If you get sued for some type of claim that is within the coverage of your insurance policy, the insurance company owes you at least two basic duties:
• Pay for your defense of the lawsuit; and
• Fund a reasonable settlement, or pay for any covered liability that is determined against you.
The first duty, referred to as the defense obligation, is generally held to be much broader than the duty to pay for liability. The duty to defend is often held to apply when there is just a potential for a claim that would be within the coverage of your insurance policy.
Many homeowners have ” homeowners’ insurance ” that protects them if someone is accidentally hurt in their homes. For businesses, a very common form of general business insurance is called commercial general liability (“CGL”). In California, as well as in many other states, a wide variety of claims have been held to impose on insurance companies a duty to pay for the defense of their policyholders under both homeowners’ and CGL insurance policies.

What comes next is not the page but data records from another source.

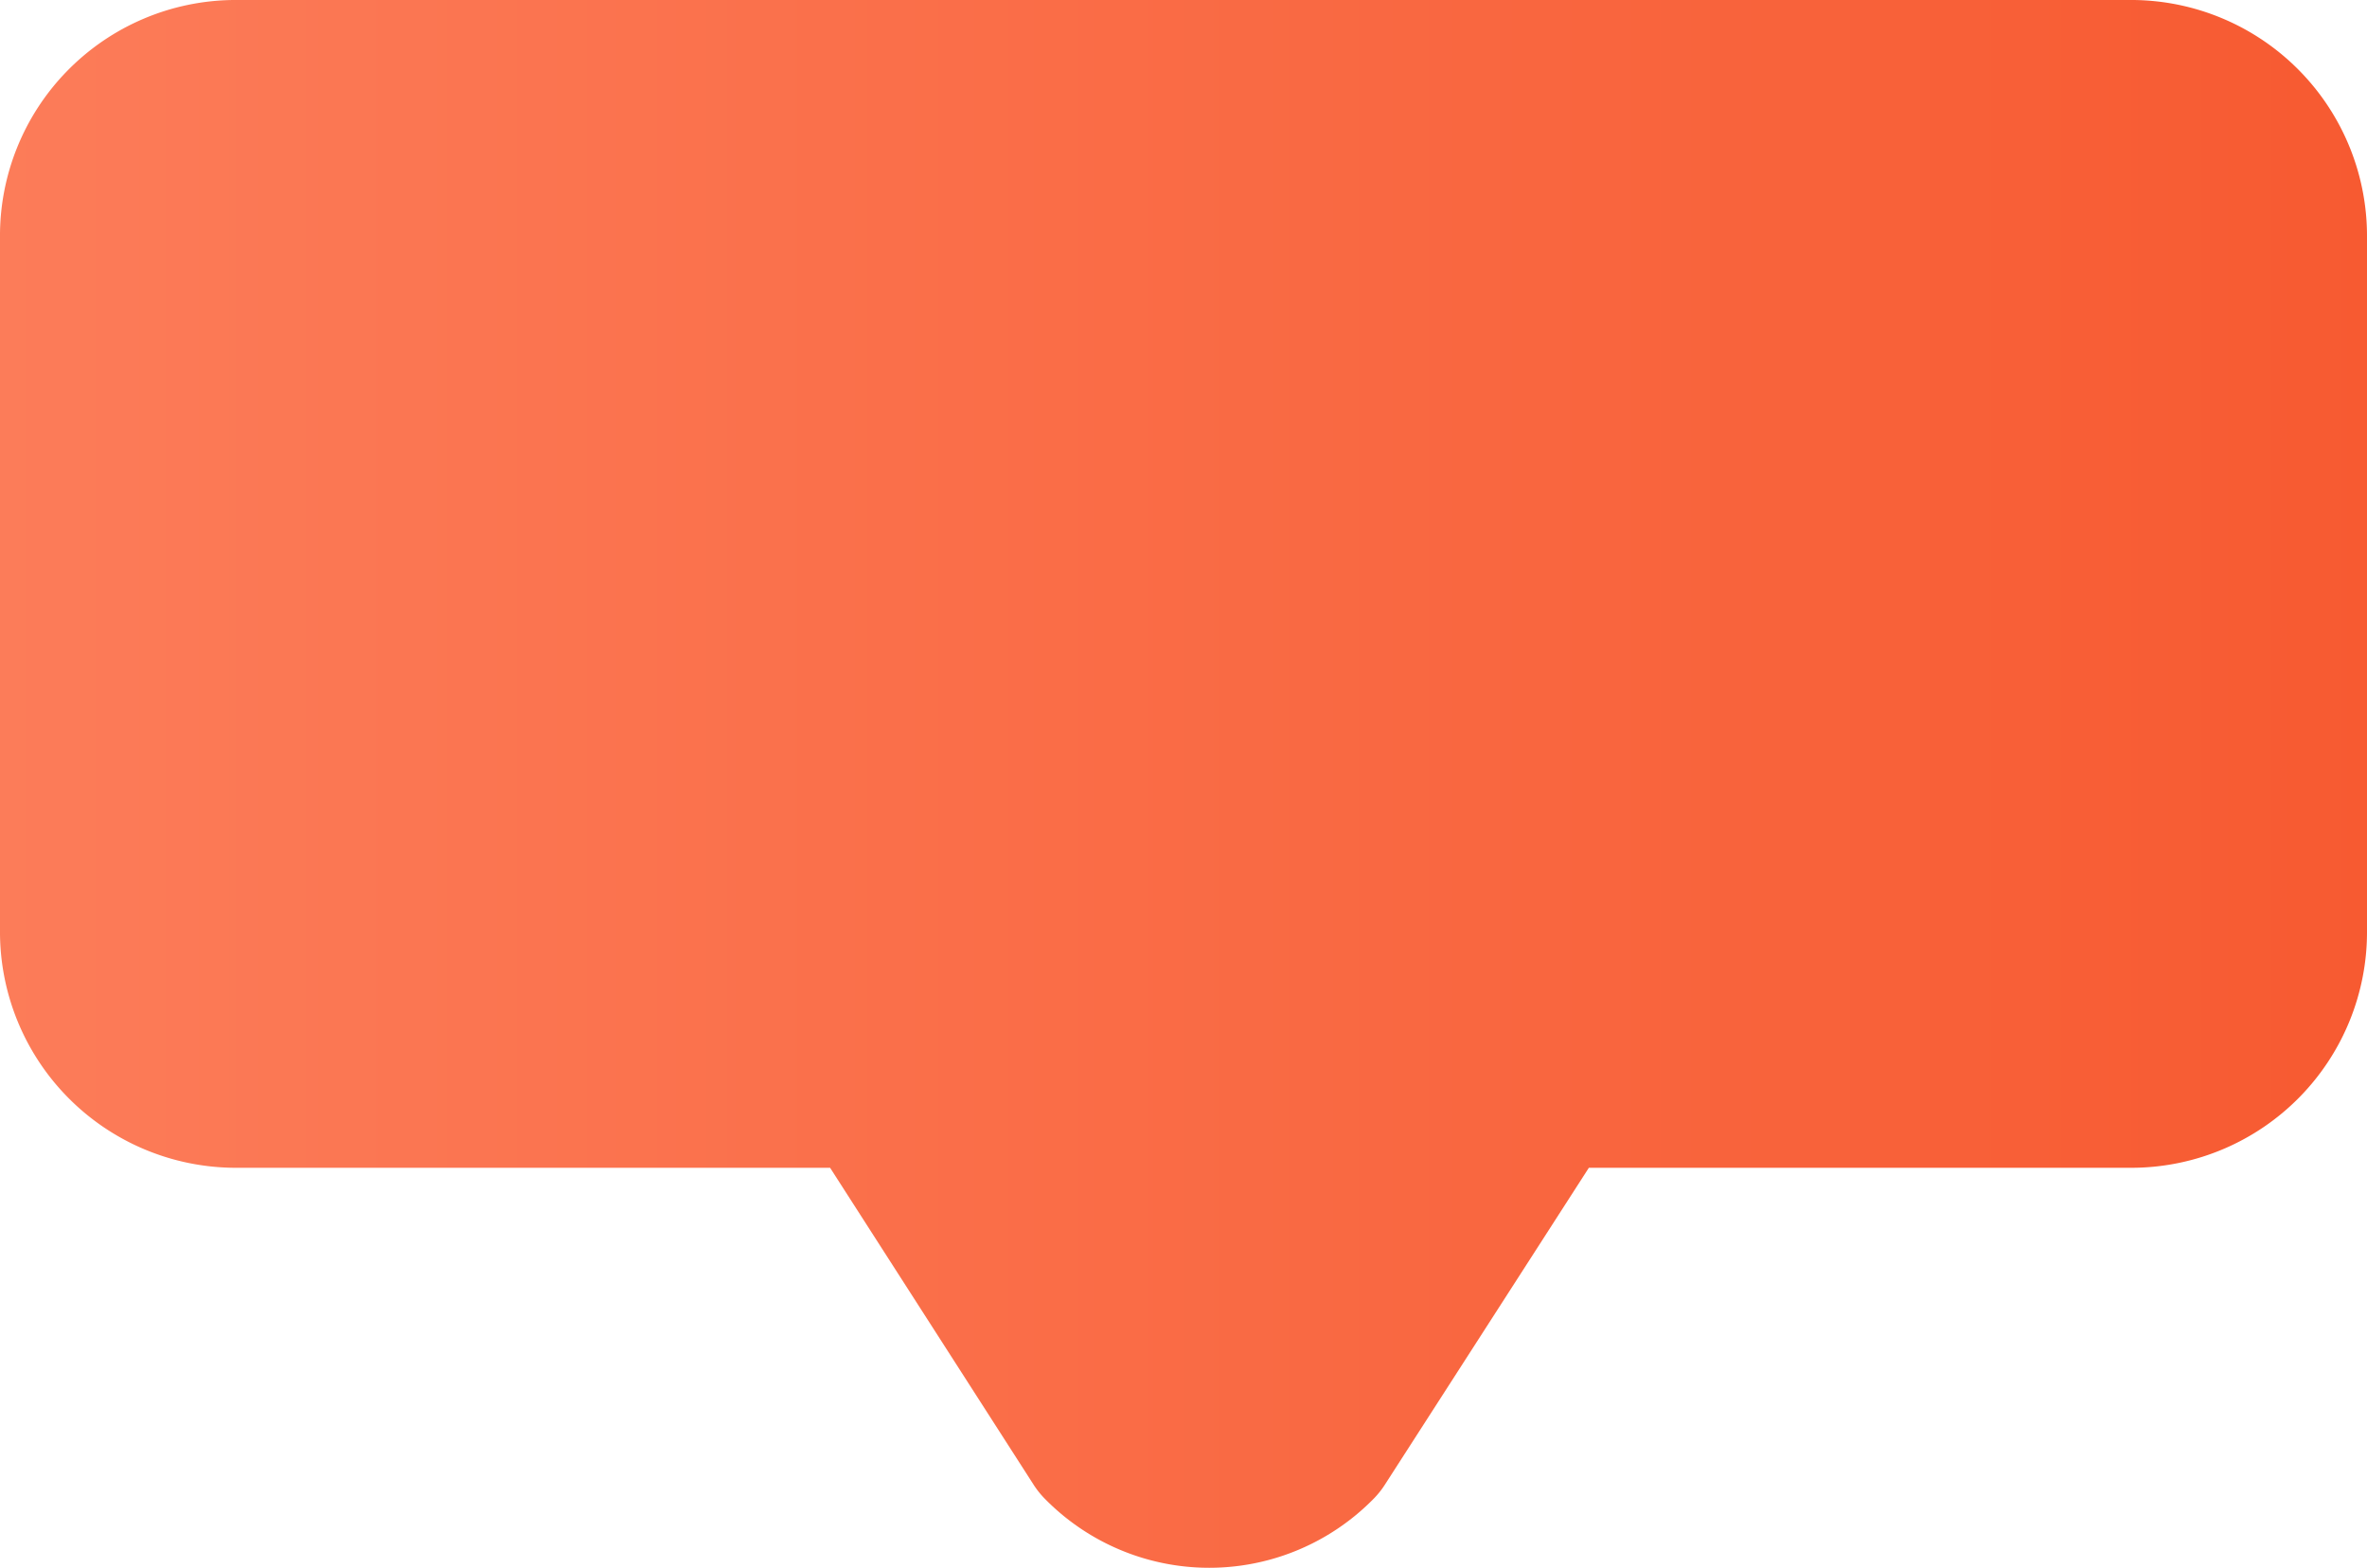 <svg xmlns="http://www.w3.org/2000/svg" xmlns:xlink="http://www.w3.org/1999/xlink" width="42.264" height="27.992" viewBox="0 0 42.264 27.992">
  <defs>
    <linearGradient id="linear-gradient" y1="0.5" x2="1" y2="0.5" gradientUnits="objectBoundingBox">
      <stop offset="0" stop-color="#fc7c59"/>
      <stop offset="1" stop-color="#f75a31"/>
    </linearGradient>
  </defs>
  <path id="Path_7063" data-name="Path 7063" d="M63.58,0H29.658A4.21,4.21,0,0,0,25.49,4.244V16.606a4.214,4.214,0,0,0,4.168,4.244H40.312l3.623,5.642a1.558,1.558,0,0,0,.2.256,4.112,4.112,0,0,0,5.893,0,1.558,1.558,0,0,0,.2-.256L53.86,20.85h9.726a4.21,4.21,0,0,0,4.168-4.244V4.244A4.214,4.214,0,0,0,63.585,0Z" transform="translate(-25.49)" fill="url(#linear-gradient)"/>
</svg>

Insurance policies are contracts. When people have questions about their rights under contracts, such as leases and purchase agreements, they often go to lawyers. Questions about an insurance policy should be no different. As a policyholder, you have certain rights and obligations. Those rights and obligations may not always be entirely clear. It is often beneficial to discuss your rights and duties with a lawyer before addressing issues with the other party to a contract.
The law provides an attorney-client privilege so that the client can freely discuss with the attorney all of the underlying facts, and receive the benefit of the attorney’s advice as to how to best preserve the client’s rights. Those communications are usually confidential and protected against disclosure to other parties. This allows the party to assemble and present the facts in a manner best suited to preserving his or her rights.
It should be no surprise that insurance companies use lawyers. They are among the largest employers of lawyers in the U.S. When they have questions concerning their rights and obligations under insurance policies, they usually huddle with their lawyers, knowing that their communications are protected by the attorney-client privilege.
Insurance companies make good use of their ability to converse in privacy with their lawyers, to best protect their own interests under the insurance policy. To protect against unpleasant surprises, and to protect your rights in the insurance policy you purchased, it is best to obtain the advice of a lawyer as early as possible in the process of deciding whether and how to make a claim.